Avec les clients, le protocole tourne autour de la sensibilisation « avec la manière » pour ne pas les apeurer. En cas de symptômes pouvant laisser supposer qu’il s’agit d’un cas de covid, la consigne est d’orienter l’intéressé vers une structure dédiée pour qu’il soit très tôt et très vite pris en charge. Donc, à côté des précautions prises pour les collègues, les pharmaciens et leurs collaborateurs sont également très actifs dans la sensibilisation à l’automédication et à l’orientation des patients présentant des signes de la maladie vers des structures sanitaires pour une meilleure prise en charge.

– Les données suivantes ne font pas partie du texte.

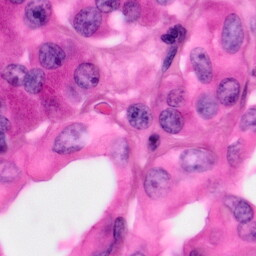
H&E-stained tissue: Pancreatic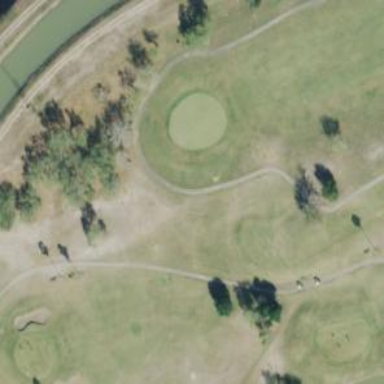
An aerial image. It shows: Path designated for golf carts.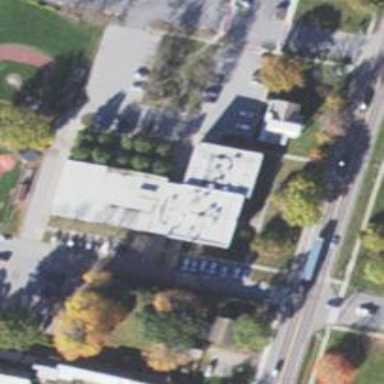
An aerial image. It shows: School.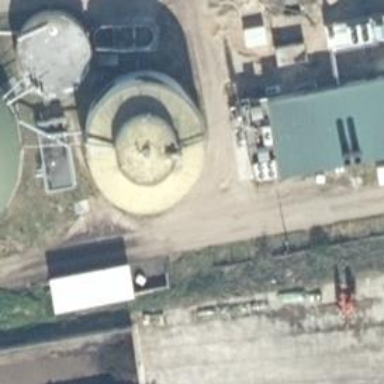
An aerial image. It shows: Silo.
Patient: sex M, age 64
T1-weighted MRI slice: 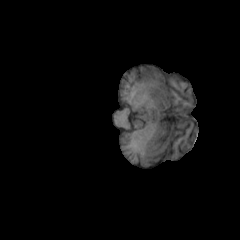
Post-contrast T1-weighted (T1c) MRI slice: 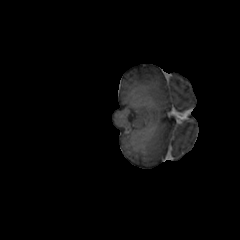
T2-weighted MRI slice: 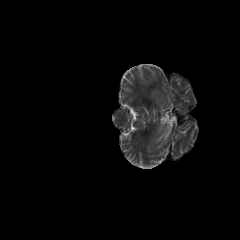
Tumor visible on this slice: no
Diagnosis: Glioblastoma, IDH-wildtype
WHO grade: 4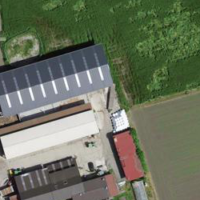
EUNIS habitat code: 52
Species observed at this site:
Corvus corone
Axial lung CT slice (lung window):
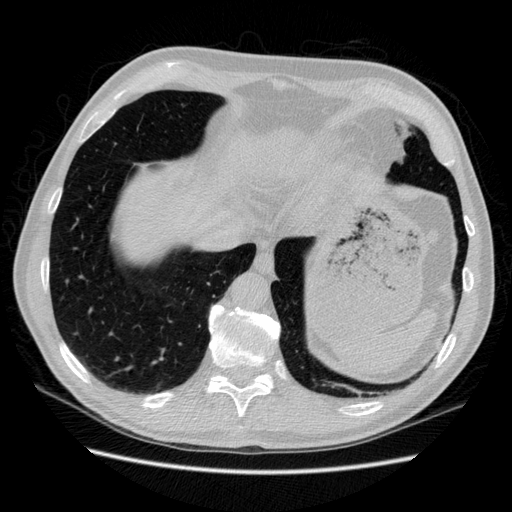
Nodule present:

Avoir confiance à son pharmacien
Notre interlocuteur salue cette approche. Il pense qu’il faut avoir confiance à son pharmacien. « Je crois, dit-il, que le vrai pharmacien, c’est celui qui nous conseille et qui doit être utile dans cette crise sanitaire ». C’est d’ailleurs cela qui doit être la première attitude du pharmacien, selon le président du Syndicat des pharmaciens privés du Sénégal, Dr Assane Diop.
Face à un patient suspect de covid-19, ce docteur en pharmacie explique que « d’abord, on essaye d’identifier les symptômes dans les cas où nous suspectons la Covid, on rassure le patient, lui explique puis l’oriente dans une structure de santé pour se dépister et se prendre en charge ».
A l’ère de la Covid qui nécessite un parcours de soins allant du test à la prise en charge jusqu’à la pharmacie, l’intervention du pharmacien est primordiale. Elle peut renforcer aujourd’hui la cohésion avec l’hôpital pour permettre de gagner en qualité de soins. Surtout au moment où l’accès aux soins est difficile pour le patient.
Le pharmacien étant un maillon de la chaine des volets diagnostic et thérapeutique, ne devrait-on pas aujourd’hui aller vers l’élargissement des tests de diagnostic rapide (Tdr) jusqu’aux officines pour arriver à freiner la propagation du virus ? Les pharmaciens plaident pour la publication d’un « protocole uniforme et unifié suivi par tout le monde » pour que chaque pharmacien, devant un cas suspect de covid-19, puisse savoir quelle conduite tenir.